### [Information shown]
=== Section Start ===

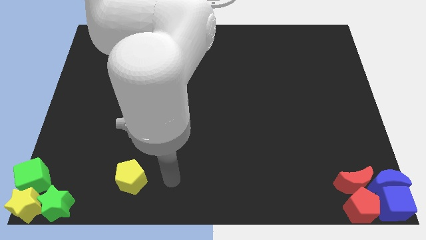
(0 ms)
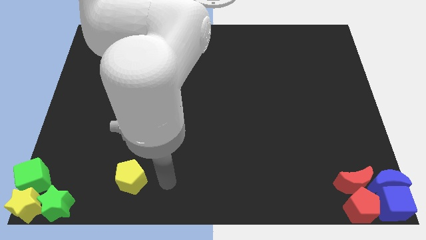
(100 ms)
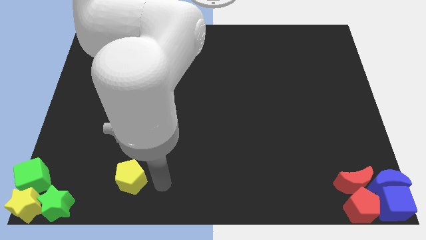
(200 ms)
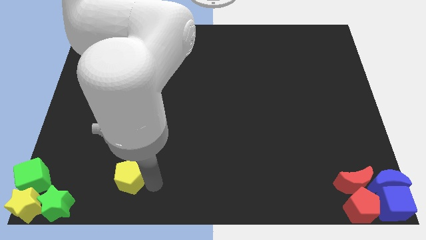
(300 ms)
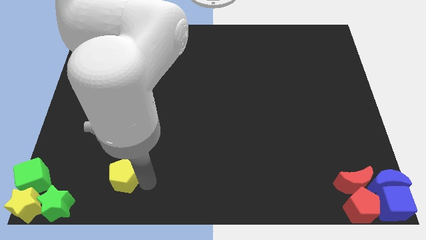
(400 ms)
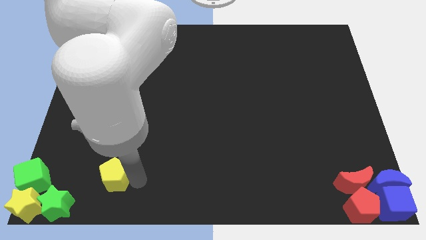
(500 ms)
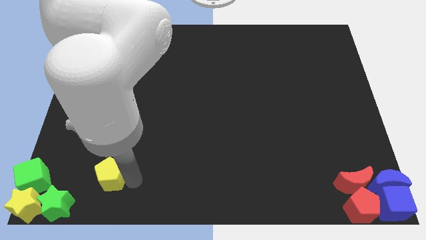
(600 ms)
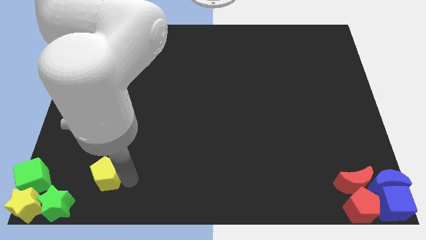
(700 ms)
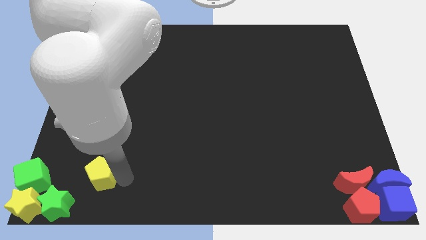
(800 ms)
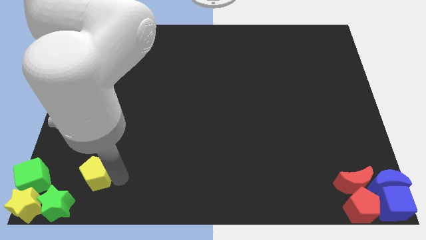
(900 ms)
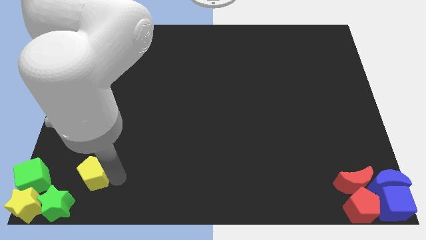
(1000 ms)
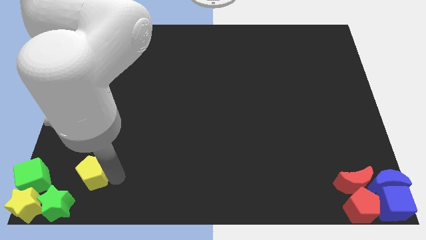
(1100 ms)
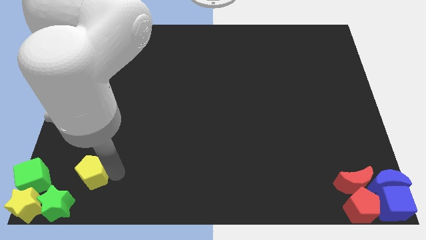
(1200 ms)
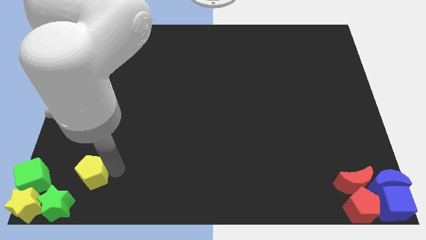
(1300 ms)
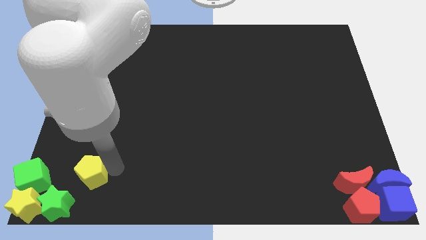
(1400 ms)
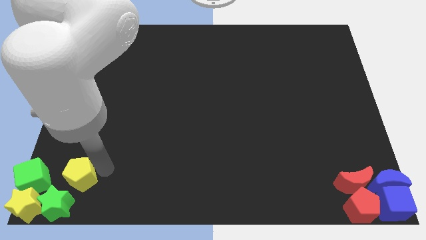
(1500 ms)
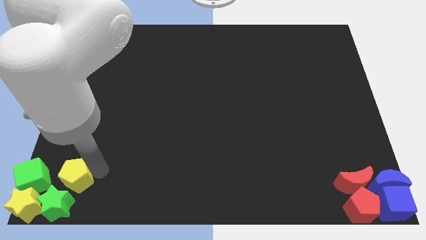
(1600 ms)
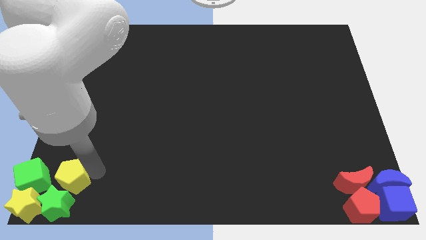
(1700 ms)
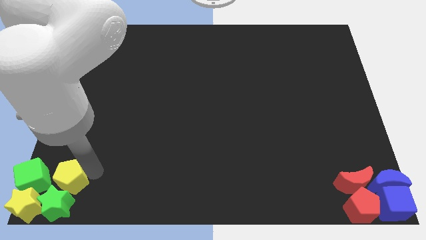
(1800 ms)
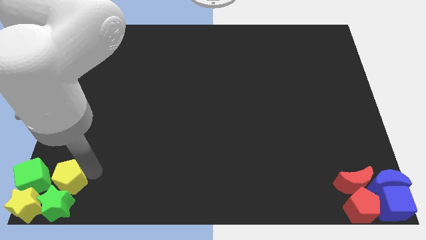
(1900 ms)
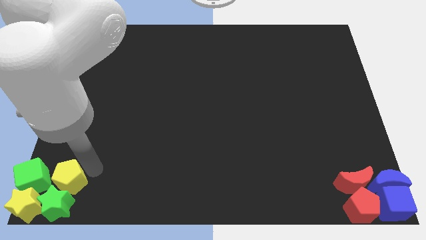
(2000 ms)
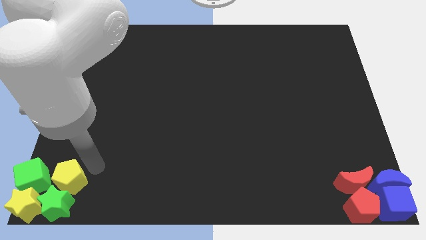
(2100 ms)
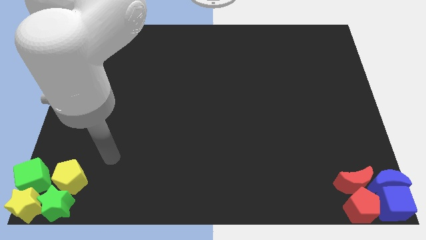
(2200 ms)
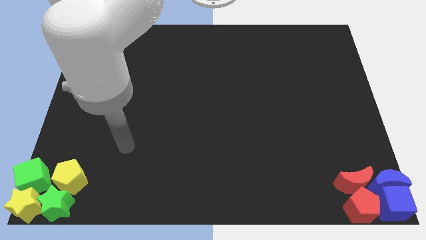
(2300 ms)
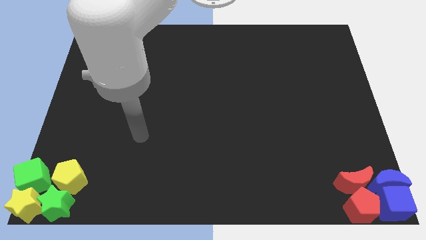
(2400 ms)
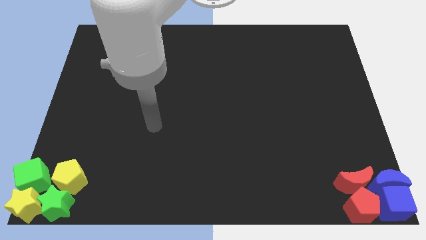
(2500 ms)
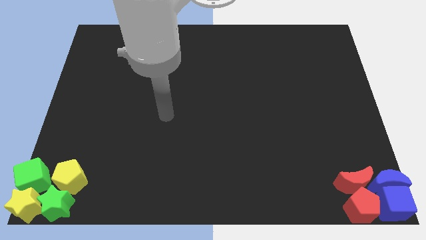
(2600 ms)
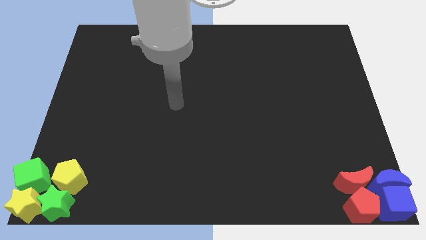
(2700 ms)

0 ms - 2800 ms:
push yellow pentagon towards group of blocks

=== Section End ===

### [The problem]
The material must be returned exactly, with its pictures omitted.

### [Result below]
(0 ms)
(100 ms)
(200 ms)
(300 ms)
(400 ms)
(500 ms)
(600 ms)
(700 ms)
(800 ms)
(900 ms)
(1000 ms)
(1100 ms)
(1200 ms)
(1300 ms)
(1400 ms)
(1500 ms)
(1600 ms)
(1700 ms)
(1800 ms)
(1900 ms)
(2000 ms)
(2100 ms)
(2200 ms)
(2300 ms)
(2400 ms)
(2500 ms)
(2600 ms)
(2700 ms)

0 ms - 2800 ms:
push yellow pentagon towards group of blocks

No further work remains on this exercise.